Stored items:

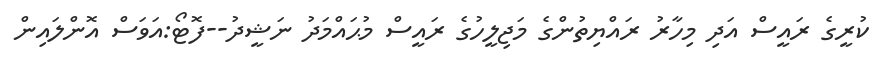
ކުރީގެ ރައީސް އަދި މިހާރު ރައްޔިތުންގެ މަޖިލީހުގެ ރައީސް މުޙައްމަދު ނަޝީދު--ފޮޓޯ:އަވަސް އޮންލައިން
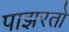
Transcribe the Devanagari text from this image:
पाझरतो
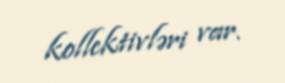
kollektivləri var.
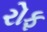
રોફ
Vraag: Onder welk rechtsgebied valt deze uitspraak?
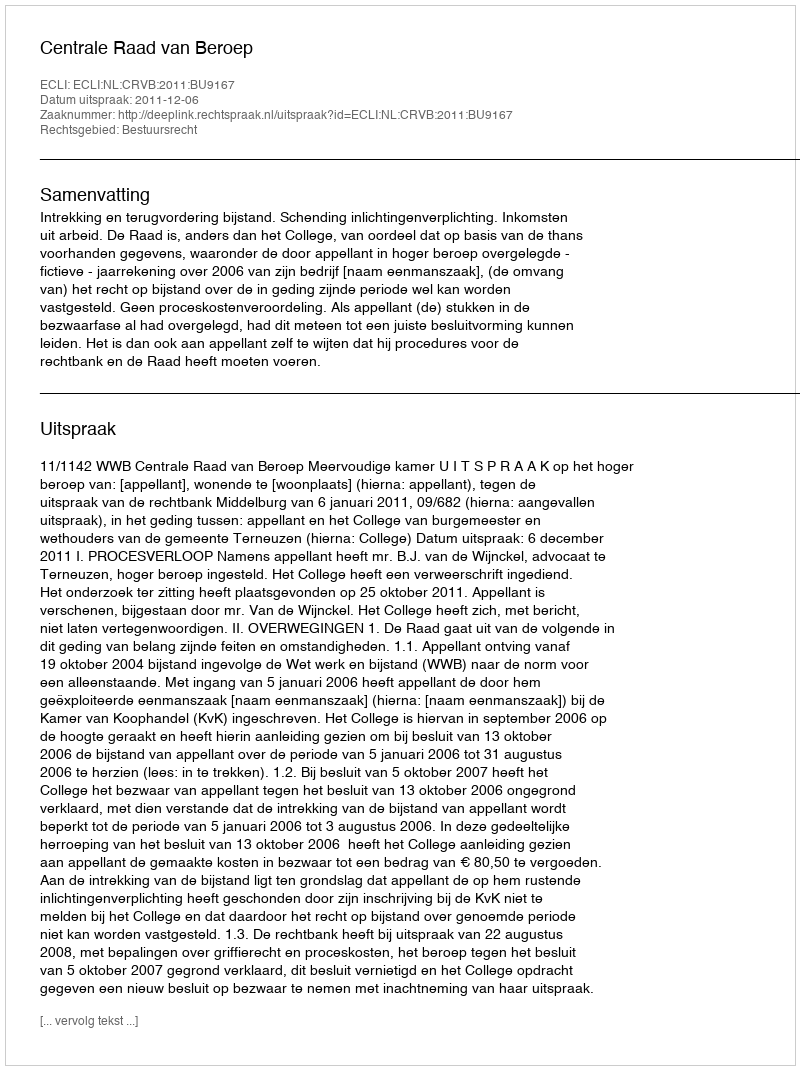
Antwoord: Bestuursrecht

WORK TO COMPLETE: All that is wanted is an exact copy of the lines from the line bearing "Vraag: Onder welk" through the final line of the entries, including both ends but no pictures.

ANSWER SPACE:
Vraag: Onder welk rechtsgebied valt deze uitspraak?
Antwoord: Bestuursrecht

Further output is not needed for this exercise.